ABOUT THIS EXERCISE:
Take every line from the material that has the word "list" in it.

SOURCE DATA:
'''

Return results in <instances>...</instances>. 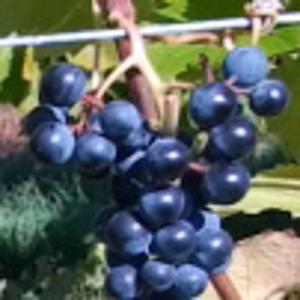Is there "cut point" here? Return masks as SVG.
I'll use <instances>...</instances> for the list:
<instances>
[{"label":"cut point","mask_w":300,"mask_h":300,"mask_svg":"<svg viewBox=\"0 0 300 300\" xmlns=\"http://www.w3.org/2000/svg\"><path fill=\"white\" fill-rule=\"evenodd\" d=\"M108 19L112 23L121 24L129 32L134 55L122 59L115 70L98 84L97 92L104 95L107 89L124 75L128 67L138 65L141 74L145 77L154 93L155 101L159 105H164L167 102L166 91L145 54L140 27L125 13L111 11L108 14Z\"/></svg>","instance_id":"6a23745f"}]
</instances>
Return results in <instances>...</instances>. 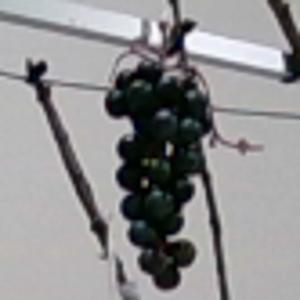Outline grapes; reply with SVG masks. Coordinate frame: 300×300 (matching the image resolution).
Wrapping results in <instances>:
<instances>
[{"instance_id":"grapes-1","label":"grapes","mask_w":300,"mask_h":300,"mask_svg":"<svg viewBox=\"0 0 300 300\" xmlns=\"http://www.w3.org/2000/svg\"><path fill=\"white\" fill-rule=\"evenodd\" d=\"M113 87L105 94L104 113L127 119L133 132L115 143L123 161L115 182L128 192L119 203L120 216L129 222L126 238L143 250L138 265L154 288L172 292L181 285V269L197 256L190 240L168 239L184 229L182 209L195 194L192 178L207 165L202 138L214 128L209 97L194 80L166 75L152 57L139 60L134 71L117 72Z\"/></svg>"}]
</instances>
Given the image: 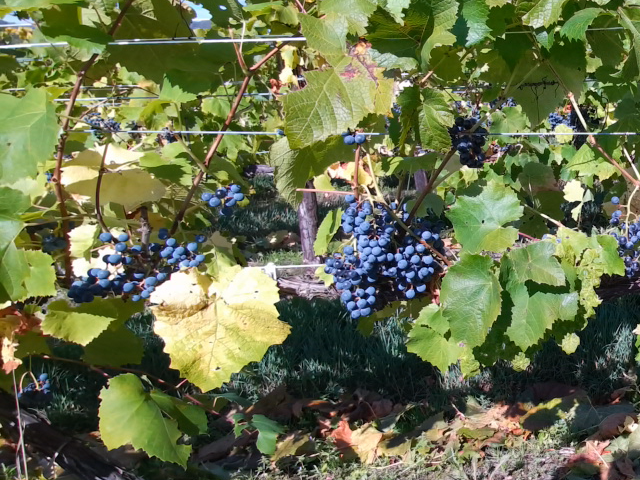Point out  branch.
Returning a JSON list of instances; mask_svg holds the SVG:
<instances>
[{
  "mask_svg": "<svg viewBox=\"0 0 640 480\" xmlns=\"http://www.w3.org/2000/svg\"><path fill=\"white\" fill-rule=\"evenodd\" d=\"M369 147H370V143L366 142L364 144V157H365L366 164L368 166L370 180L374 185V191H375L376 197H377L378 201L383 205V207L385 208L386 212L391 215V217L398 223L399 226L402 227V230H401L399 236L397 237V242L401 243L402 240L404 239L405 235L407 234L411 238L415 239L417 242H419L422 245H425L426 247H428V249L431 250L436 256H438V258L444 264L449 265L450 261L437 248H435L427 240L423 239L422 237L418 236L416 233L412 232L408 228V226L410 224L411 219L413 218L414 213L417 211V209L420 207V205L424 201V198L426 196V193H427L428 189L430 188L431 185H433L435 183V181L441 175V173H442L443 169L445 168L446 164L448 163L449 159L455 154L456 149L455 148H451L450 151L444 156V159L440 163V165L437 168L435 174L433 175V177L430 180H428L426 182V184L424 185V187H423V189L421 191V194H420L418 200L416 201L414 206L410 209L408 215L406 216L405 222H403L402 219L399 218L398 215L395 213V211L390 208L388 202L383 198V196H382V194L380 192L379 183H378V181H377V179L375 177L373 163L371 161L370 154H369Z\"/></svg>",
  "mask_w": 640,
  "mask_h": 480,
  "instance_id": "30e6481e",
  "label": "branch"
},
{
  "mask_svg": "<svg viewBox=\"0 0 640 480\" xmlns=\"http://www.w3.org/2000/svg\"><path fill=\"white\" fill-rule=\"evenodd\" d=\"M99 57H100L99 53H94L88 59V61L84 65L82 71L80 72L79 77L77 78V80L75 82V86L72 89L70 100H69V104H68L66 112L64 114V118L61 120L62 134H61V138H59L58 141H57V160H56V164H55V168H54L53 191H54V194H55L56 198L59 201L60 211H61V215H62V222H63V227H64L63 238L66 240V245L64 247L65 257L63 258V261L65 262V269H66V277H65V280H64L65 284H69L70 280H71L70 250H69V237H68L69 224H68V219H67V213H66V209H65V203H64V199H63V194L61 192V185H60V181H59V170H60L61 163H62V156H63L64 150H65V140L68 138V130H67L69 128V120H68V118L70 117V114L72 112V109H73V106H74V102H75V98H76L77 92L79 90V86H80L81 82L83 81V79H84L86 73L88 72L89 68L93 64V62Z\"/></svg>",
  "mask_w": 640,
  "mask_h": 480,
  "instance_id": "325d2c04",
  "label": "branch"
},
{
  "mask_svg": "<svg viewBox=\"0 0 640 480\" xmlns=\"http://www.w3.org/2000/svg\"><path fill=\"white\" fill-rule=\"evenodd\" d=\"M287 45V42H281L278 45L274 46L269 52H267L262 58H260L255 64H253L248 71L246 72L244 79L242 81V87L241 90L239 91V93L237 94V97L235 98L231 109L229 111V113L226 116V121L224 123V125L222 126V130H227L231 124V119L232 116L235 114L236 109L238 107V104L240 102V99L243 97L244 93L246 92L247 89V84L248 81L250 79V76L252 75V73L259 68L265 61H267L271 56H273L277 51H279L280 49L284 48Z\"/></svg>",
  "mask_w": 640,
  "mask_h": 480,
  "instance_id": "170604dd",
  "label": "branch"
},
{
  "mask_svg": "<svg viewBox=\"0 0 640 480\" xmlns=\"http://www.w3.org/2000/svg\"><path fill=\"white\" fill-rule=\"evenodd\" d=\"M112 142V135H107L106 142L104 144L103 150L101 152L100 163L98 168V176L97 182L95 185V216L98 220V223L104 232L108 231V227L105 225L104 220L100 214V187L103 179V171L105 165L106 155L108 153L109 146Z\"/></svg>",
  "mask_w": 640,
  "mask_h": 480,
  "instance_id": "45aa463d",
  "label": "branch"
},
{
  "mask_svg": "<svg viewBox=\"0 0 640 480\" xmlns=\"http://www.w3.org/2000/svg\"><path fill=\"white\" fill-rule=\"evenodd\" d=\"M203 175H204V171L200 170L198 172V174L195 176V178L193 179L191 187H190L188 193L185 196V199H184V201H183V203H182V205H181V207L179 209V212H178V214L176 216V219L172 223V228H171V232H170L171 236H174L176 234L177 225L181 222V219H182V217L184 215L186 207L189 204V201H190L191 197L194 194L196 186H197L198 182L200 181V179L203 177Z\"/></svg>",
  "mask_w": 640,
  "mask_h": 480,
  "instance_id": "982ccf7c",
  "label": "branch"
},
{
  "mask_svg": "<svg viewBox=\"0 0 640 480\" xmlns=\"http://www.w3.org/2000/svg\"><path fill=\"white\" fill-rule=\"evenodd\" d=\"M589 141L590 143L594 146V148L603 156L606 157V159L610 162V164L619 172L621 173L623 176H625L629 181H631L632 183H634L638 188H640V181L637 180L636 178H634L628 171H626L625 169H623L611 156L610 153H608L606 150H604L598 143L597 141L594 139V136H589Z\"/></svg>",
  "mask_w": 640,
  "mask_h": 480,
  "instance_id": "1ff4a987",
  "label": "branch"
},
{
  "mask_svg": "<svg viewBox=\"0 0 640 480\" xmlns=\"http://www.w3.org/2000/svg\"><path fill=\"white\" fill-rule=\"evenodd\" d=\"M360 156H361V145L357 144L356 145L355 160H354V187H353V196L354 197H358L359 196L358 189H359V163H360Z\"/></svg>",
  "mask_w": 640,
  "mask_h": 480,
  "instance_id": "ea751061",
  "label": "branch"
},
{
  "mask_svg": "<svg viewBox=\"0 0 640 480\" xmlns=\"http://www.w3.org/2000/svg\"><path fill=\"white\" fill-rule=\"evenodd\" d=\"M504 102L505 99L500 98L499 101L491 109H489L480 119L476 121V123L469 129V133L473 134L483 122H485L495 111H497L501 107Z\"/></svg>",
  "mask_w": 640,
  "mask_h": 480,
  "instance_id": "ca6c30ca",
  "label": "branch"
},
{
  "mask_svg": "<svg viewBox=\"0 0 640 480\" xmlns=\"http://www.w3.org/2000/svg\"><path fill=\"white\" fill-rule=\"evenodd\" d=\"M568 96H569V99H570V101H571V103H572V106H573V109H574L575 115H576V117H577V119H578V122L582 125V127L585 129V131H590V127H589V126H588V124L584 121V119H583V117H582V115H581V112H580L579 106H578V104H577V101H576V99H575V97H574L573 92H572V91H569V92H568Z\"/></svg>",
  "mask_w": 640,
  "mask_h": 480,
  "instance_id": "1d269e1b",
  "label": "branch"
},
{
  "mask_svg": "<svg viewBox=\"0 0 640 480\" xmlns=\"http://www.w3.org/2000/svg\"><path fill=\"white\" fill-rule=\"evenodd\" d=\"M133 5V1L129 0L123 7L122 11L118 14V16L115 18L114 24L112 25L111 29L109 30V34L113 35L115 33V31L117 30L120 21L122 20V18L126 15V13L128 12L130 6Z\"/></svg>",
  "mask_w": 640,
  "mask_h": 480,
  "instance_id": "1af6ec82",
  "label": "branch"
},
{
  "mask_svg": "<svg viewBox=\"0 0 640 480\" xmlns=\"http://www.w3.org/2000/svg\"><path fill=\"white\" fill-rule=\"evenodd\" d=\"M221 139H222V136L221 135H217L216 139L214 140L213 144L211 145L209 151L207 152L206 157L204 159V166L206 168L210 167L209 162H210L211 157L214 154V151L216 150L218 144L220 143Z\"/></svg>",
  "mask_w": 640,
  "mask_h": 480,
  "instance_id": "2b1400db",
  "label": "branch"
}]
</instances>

'''

FINISHED EXERCISE:
I'll use <instances>...</instances> for the list:
Returning a JSON list of instances; mask_svg holds the SVG:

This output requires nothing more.